About this exercise:
Please set down the line that contains "Expected output —" and every line below it through the last, exactly as written, with no other lines.

*** Study material ***

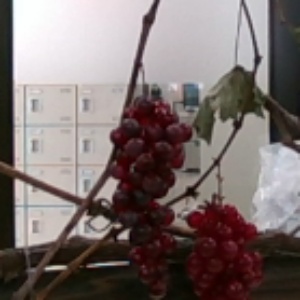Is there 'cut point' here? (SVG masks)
<instances>
[{"instance_id": "obj_1", "label": "cut point", "mask_w": 300, "mask_h": 300, "mask_svg": "<svg viewBox=\"0 0 300 300\" xmlns=\"http://www.w3.org/2000/svg\"><path fill=\"white\" fill-rule=\"evenodd\" d=\"M138 71H142V91L143 95L148 96V85L146 84L145 80V69L143 61L140 62Z\"/></svg>"}]
</instances>
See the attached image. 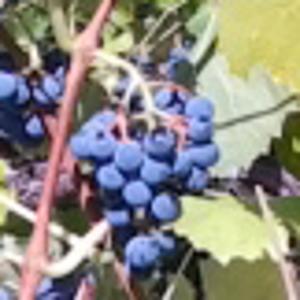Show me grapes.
Returning a JSON list of instances; mask_svg holds the SVG:
<instances>
[{
  "mask_svg": "<svg viewBox=\"0 0 300 300\" xmlns=\"http://www.w3.org/2000/svg\"><path fill=\"white\" fill-rule=\"evenodd\" d=\"M122 82L105 105L67 140L79 162L99 167L104 200L101 217L114 229L122 258L145 272L160 255L174 250L160 223L181 217V198L200 195L220 158L215 141L214 102L169 84Z\"/></svg>",
  "mask_w": 300,
  "mask_h": 300,
  "instance_id": "obj_1",
  "label": "grapes"
},
{
  "mask_svg": "<svg viewBox=\"0 0 300 300\" xmlns=\"http://www.w3.org/2000/svg\"><path fill=\"white\" fill-rule=\"evenodd\" d=\"M47 76L30 82L14 68L0 66V135L34 145L46 136L41 109L55 111L61 105L64 85L70 71L69 58L60 50H50L43 57Z\"/></svg>",
  "mask_w": 300,
  "mask_h": 300,
  "instance_id": "obj_2",
  "label": "grapes"
}]
</instances>
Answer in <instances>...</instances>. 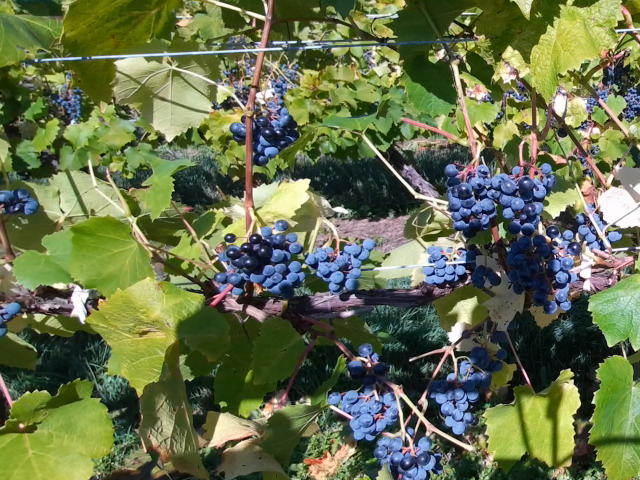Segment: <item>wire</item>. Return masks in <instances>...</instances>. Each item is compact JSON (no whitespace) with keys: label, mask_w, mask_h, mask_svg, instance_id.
Here are the masks:
<instances>
[{"label":"wire","mask_w":640,"mask_h":480,"mask_svg":"<svg viewBox=\"0 0 640 480\" xmlns=\"http://www.w3.org/2000/svg\"><path fill=\"white\" fill-rule=\"evenodd\" d=\"M471 37L456 38V39H436V40H386L376 41L373 43H331V44H317L316 46H264L254 48H238L229 50H211V51H194V52H154V53H141V54H106L102 56H53V57H40V58H25L21 60L22 64L28 63H42V62H55V61H105L109 59H135L140 60L143 58H156V57H197V56H216V55H231L240 53H257L266 51H326L334 48L351 49V50H370L378 46L388 45H421L431 46L438 44H458L471 42Z\"/></svg>","instance_id":"wire-1"},{"label":"wire","mask_w":640,"mask_h":480,"mask_svg":"<svg viewBox=\"0 0 640 480\" xmlns=\"http://www.w3.org/2000/svg\"><path fill=\"white\" fill-rule=\"evenodd\" d=\"M434 263H412V264H397L393 266H379L372 268H362V273H374L382 271H395L399 269H414V268H434Z\"/></svg>","instance_id":"wire-2"}]
</instances>
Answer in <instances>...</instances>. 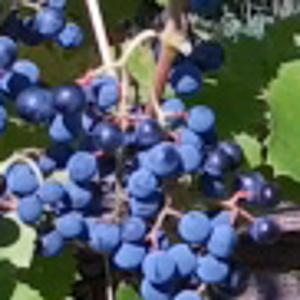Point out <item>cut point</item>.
<instances>
[{"label": "cut point", "mask_w": 300, "mask_h": 300, "mask_svg": "<svg viewBox=\"0 0 300 300\" xmlns=\"http://www.w3.org/2000/svg\"><path fill=\"white\" fill-rule=\"evenodd\" d=\"M147 36H154L164 38V31L157 29H145L137 34L124 48L120 60H114L112 65L120 67L121 83L126 85L128 83L127 62L132 49Z\"/></svg>", "instance_id": "obj_1"}]
</instances>
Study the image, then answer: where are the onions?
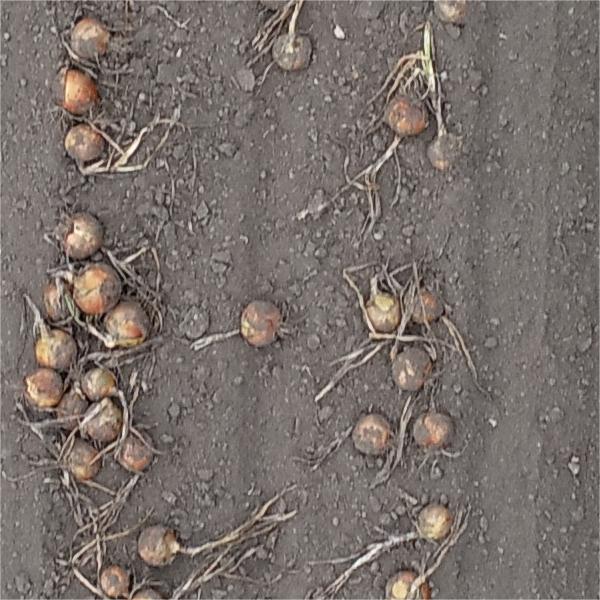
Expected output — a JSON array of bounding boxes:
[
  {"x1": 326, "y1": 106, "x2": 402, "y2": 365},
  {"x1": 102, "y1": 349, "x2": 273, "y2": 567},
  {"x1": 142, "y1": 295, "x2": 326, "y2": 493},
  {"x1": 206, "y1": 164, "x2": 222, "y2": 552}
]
[
  {"x1": 361, "y1": 289, "x2": 400, "y2": 332},
  {"x1": 41, "y1": 277, "x2": 72, "y2": 320},
  {"x1": 72, "y1": 264, "x2": 118, "y2": 311},
  {"x1": 63, "y1": 213, "x2": 101, "y2": 257},
  {"x1": 272, "y1": 32, "x2": 310, "y2": 71},
  {"x1": 80, "y1": 401, "x2": 121, "y2": 440},
  {"x1": 67, "y1": 17, "x2": 108, "y2": 59},
  {"x1": 64, "y1": 125, "x2": 103, "y2": 161},
  {"x1": 237, "y1": 300, "x2": 280, "y2": 346},
  {"x1": 81, "y1": 367, "x2": 113, "y2": 396},
  {"x1": 435, "y1": 0, "x2": 466, "y2": 27},
  {"x1": 101, "y1": 299, "x2": 148, "y2": 343},
  {"x1": 350, "y1": 414, "x2": 391, "y2": 455},
  {"x1": 412, "y1": 289, "x2": 443, "y2": 321},
  {"x1": 34, "y1": 331, "x2": 74, "y2": 369},
  {"x1": 414, "y1": 502, "x2": 450, "y2": 539},
  {"x1": 60, "y1": 70, "x2": 97, "y2": 111},
  {"x1": 390, "y1": 344, "x2": 432, "y2": 389},
  {"x1": 60, "y1": 395, "x2": 83, "y2": 418},
  {"x1": 63, "y1": 440, "x2": 101, "y2": 478},
  {"x1": 134, "y1": 587, "x2": 163, "y2": 600},
  {"x1": 387, "y1": 572, "x2": 416, "y2": 598},
  {"x1": 425, "y1": 142, "x2": 450, "y2": 171},
  {"x1": 138, "y1": 525, "x2": 179, "y2": 565},
  {"x1": 25, "y1": 370, "x2": 63, "y2": 407},
  {"x1": 384, "y1": 98, "x2": 425, "y2": 137},
  {"x1": 115, "y1": 428, "x2": 153, "y2": 471},
  {"x1": 413, "y1": 412, "x2": 457, "y2": 448},
  {"x1": 98, "y1": 563, "x2": 130, "y2": 594}
]

***

Answer area:
Expected output — a JSON array of bounding boxes:
[
  {"x1": 326, "y1": 106, "x2": 402, "y2": 365},
  {"x1": 102, "y1": 349, "x2": 273, "y2": 567},
  {"x1": 142, "y1": 295, "x2": 326, "y2": 493},
  {"x1": 206, "y1": 164, "x2": 222, "y2": 552}
]
[
  {"x1": 361, "y1": 289, "x2": 400, "y2": 332},
  {"x1": 41, "y1": 277, "x2": 72, "y2": 320},
  {"x1": 72, "y1": 264, "x2": 118, "y2": 311},
  {"x1": 63, "y1": 213, "x2": 101, "y2": 257},
  {"x1": 272, "y1": 32, "x2": 310, "y2": 71},
  {"x1": 80, "y1": 401, "x2": 121, "y2": 440},
  {"x1": 67, "y1": 17, "x2": 108, "y2": 59},
  {"x1": 64, "y1": 125, "x2": 103, "y2": 161},
  {"x1": 237, "y1": 300, "x2": 280, "y2": 346},
  {"x1": 81, "y1": 367, "x2": 113, "y2": 396},
  {"x1": 435, "y1": 0, "x2": 466, "y2": 27},
  {"x1": 101, "y1": 299, "x2": 148, "y2": 343},
  {"x1": 350, "y1": 414, "x2": 391, "y2": 455},
  {"x1": 412, "y1": 289, "x2": 443, "y2": 321},
  {"x1": 34, "y1": 331, "x2": 74, "y2": 369},
  {"x1": 414, "y1": 502, "x2": 450, "y2": 539},
  {"x1": 60, "y1": 70, "x2": 97, "y2": 111},
  {"x1": 390, "y1": 344, "x2": 432, "y2": 389},
  {"x1": 60, "y1": 395, "x2": 83, "y2": 418},
  {"x1": 63, "y1": 440, "x2": 101, "y2": 478},
  {"x1": 134, "y1": 587, "x2": 163, "y2": 600},
  {"x1": 387, "y1": 572, "x2": 416, "y2": 598},
  {"x1": 425, "y1": 142, "x2": 450, "y2": 171},
  {"x1": 138, "y1": 525, "x2": 179, "y2": 565},
  {"x1": 25, "y1": 370, "x2": 63, "y2": 407},
  {"x1": 384, "y1": 98, "x2": 425, "y2": 137},
  {"x1": 115, "y1": 428, "x2": 153, "y2": 471},
  {"x1": 413, "y1": 412, "x2": 457, "y2": 448},
  {"x1": 98, "y1": 563, "x2": 130, "y2": 594}
]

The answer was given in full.